- Task
Copy each line of the records exactly, stopping only after the line that contains "9h8.6l12 31.7h-8.2l-2.9-7.2h-10.5l-2.8 7.2h-8.2zm8.4" has been written, and leave pictures out.

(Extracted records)
● ● ● ●
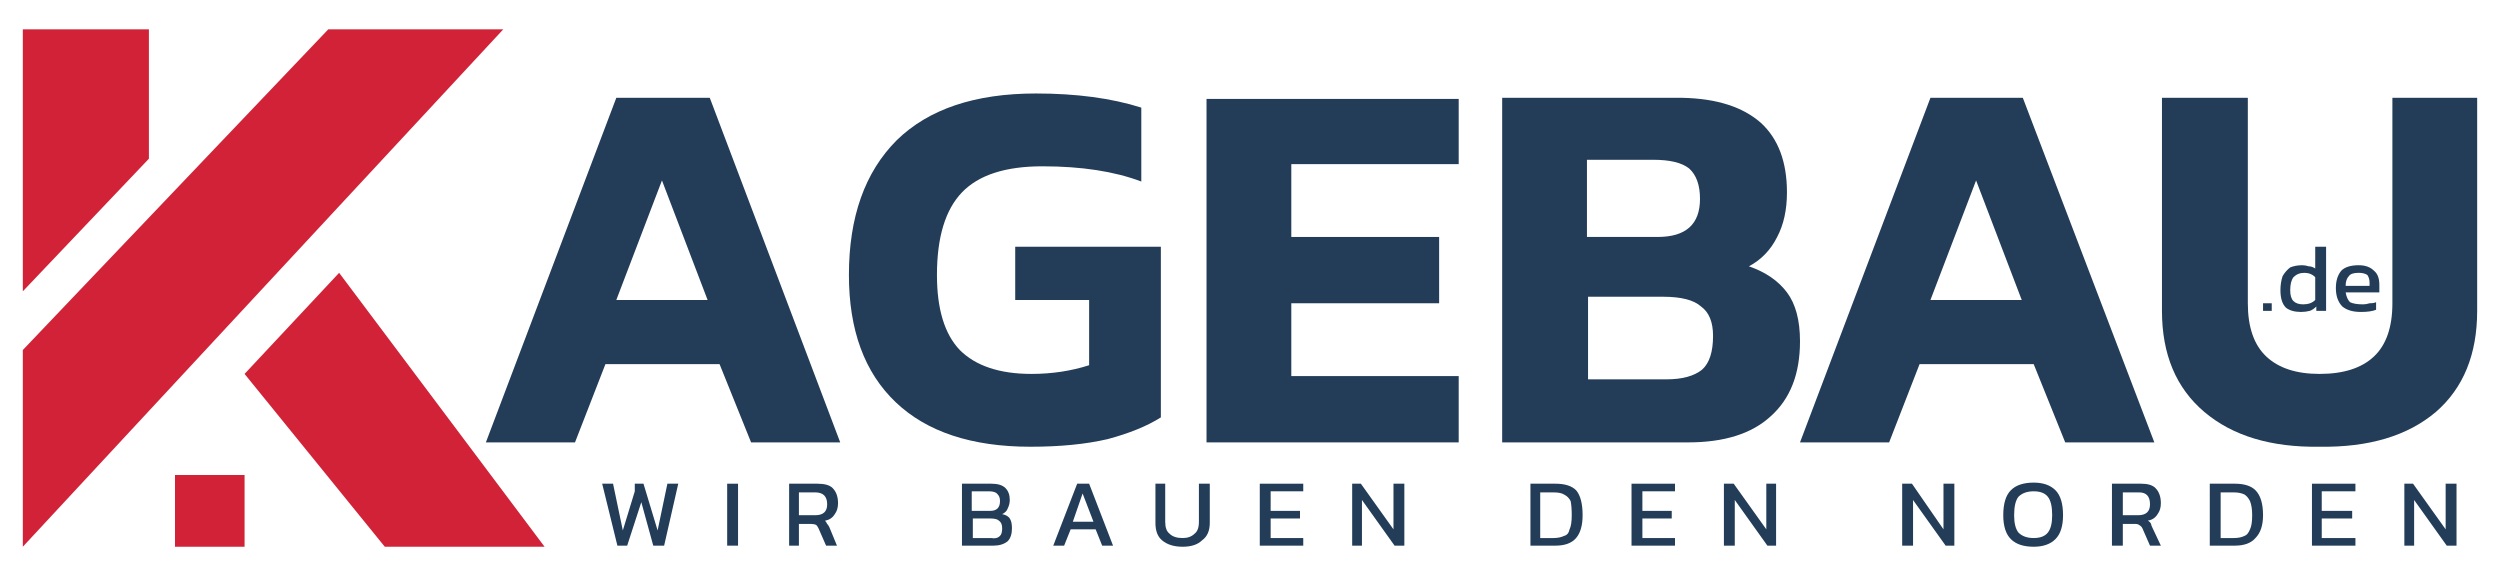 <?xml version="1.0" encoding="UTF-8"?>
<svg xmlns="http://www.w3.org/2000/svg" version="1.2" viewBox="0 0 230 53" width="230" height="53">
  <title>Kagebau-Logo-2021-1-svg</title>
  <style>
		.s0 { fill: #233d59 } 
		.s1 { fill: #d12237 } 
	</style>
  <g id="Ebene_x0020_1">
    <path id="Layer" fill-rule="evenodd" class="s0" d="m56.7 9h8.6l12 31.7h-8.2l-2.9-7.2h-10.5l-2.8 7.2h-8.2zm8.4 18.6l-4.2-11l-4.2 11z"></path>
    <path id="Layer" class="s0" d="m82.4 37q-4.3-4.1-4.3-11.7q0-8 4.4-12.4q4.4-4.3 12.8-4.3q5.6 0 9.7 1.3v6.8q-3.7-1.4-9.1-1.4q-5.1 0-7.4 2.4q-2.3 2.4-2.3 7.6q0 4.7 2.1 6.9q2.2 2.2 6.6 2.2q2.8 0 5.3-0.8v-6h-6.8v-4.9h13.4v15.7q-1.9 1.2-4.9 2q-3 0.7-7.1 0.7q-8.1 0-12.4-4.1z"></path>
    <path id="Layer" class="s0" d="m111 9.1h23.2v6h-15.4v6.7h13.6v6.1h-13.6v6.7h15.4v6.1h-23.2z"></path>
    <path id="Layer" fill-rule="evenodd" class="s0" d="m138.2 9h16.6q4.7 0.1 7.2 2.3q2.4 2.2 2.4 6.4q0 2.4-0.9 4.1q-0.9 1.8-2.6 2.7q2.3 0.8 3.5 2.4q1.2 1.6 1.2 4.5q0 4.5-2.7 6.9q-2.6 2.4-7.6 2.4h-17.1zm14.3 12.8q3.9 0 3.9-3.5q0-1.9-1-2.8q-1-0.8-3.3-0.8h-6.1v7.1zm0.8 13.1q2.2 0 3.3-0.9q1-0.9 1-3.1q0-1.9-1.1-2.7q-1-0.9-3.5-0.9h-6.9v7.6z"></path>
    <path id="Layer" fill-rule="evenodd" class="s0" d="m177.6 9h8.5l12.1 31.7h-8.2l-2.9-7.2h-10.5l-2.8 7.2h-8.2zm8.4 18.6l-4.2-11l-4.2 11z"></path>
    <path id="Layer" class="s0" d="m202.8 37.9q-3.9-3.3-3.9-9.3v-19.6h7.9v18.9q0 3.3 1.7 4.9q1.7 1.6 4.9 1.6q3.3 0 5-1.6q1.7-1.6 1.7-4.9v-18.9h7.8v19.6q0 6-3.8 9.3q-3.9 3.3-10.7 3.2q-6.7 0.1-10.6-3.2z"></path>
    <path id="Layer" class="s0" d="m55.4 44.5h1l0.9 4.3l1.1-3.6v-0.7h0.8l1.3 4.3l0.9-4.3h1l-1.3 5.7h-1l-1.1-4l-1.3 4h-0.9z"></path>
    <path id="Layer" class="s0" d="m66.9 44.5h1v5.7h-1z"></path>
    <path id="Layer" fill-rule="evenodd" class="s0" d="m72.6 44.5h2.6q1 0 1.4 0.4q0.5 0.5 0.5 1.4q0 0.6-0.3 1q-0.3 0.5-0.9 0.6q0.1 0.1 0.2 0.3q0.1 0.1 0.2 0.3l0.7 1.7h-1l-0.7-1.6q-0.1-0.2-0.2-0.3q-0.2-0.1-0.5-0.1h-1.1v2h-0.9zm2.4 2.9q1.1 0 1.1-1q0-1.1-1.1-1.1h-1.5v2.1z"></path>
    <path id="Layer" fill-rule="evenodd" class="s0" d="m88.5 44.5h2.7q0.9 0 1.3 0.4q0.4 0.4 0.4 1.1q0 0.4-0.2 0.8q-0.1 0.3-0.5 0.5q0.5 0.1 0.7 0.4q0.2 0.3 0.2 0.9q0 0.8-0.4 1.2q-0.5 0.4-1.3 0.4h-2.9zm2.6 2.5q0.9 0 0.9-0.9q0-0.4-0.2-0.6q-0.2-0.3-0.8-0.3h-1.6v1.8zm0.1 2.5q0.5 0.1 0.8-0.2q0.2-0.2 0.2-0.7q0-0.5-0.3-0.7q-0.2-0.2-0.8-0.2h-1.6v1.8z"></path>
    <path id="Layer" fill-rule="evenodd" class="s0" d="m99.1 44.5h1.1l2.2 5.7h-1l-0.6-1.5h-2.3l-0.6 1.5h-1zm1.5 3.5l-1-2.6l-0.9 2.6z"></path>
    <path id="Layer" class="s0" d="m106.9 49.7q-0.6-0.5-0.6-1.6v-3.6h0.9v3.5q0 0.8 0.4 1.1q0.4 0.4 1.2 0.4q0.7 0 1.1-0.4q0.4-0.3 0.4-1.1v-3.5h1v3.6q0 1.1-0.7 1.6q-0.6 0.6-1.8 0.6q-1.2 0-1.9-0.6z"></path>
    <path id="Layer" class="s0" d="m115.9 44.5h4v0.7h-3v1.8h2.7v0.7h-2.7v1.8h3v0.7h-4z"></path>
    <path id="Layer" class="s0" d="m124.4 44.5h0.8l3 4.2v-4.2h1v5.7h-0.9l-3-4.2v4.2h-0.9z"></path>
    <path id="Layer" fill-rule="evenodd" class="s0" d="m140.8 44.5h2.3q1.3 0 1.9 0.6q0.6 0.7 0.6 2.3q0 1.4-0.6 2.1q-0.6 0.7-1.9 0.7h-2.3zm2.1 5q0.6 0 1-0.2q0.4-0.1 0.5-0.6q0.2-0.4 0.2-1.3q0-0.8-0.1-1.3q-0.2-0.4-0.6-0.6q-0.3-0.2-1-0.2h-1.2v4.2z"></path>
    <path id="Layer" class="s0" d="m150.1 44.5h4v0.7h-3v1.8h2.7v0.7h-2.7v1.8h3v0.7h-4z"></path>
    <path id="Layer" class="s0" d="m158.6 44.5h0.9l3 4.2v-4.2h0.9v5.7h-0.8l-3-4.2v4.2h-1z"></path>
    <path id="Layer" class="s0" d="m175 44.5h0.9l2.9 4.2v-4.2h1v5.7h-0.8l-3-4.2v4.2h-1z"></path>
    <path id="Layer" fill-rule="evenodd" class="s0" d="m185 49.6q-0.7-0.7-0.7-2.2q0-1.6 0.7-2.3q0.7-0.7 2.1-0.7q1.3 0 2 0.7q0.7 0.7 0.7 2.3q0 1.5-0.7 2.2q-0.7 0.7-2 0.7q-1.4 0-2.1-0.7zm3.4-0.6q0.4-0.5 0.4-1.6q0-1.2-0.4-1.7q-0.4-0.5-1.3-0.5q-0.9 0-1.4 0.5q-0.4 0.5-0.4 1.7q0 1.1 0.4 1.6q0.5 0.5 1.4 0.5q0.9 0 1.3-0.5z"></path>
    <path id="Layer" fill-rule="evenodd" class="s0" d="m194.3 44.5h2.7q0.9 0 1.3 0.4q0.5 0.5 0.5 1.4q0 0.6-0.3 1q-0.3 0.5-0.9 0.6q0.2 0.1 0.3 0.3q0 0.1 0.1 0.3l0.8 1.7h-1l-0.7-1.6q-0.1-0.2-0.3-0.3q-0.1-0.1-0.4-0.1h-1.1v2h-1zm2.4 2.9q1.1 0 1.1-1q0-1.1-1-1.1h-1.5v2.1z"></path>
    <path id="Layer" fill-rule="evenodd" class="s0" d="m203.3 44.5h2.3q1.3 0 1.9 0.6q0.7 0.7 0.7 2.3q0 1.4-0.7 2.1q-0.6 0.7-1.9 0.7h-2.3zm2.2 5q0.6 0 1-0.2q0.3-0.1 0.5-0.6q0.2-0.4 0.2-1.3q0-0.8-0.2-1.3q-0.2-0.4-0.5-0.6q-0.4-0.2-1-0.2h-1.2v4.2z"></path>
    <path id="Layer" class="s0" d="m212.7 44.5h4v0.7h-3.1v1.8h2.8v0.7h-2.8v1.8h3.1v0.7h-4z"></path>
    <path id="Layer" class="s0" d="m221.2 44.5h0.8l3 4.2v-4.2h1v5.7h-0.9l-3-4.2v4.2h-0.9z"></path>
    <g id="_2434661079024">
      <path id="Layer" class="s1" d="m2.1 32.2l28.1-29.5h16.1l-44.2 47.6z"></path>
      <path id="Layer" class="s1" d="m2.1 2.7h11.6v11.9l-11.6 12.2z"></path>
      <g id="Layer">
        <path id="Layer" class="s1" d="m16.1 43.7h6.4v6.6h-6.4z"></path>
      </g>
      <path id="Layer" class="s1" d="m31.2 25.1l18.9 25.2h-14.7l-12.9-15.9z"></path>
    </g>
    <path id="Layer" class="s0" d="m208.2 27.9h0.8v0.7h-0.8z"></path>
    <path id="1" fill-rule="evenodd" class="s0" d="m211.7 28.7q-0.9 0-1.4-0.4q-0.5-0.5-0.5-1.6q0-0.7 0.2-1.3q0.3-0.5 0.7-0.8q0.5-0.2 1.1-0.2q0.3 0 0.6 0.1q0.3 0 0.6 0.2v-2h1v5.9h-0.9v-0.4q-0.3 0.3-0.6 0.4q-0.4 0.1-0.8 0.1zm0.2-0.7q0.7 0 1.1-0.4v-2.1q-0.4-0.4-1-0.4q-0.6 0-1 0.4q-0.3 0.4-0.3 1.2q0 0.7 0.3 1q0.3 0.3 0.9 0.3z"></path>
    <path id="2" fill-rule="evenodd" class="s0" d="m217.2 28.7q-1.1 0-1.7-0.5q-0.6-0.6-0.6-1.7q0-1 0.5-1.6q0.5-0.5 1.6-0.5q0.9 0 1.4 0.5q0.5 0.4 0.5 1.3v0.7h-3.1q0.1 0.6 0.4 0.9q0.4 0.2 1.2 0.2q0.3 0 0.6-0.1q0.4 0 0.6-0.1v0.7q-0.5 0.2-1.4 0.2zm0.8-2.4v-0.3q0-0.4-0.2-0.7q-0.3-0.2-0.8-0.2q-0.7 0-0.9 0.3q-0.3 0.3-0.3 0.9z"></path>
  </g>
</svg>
● ● ● ●
- Written reply
 <?xml version="1.0" encoding="UTF-8"?>
<svg xmlns="http://www.w3.org/2000/svg" version="1.2" viewBox="0 0 230 53" width="230" height="53">
  <title>Kagebau-Logo-2021-1-svg</title>
  <style>
		.s0 { fill: #233d59 } 
		.s1 { fill: #d12237 } 
	</style>
  <g id="Ebene_x0020_1">
    <path id="Layer" fill-rule="evenodd" class="s0" d="m56.7 9h8.6l12 31.7h-8.2l-2.9-7.2h-10.5l-2.8 7.2h-8.2zm8.4 18.6l-4.2-11l-4.2 11z"></path>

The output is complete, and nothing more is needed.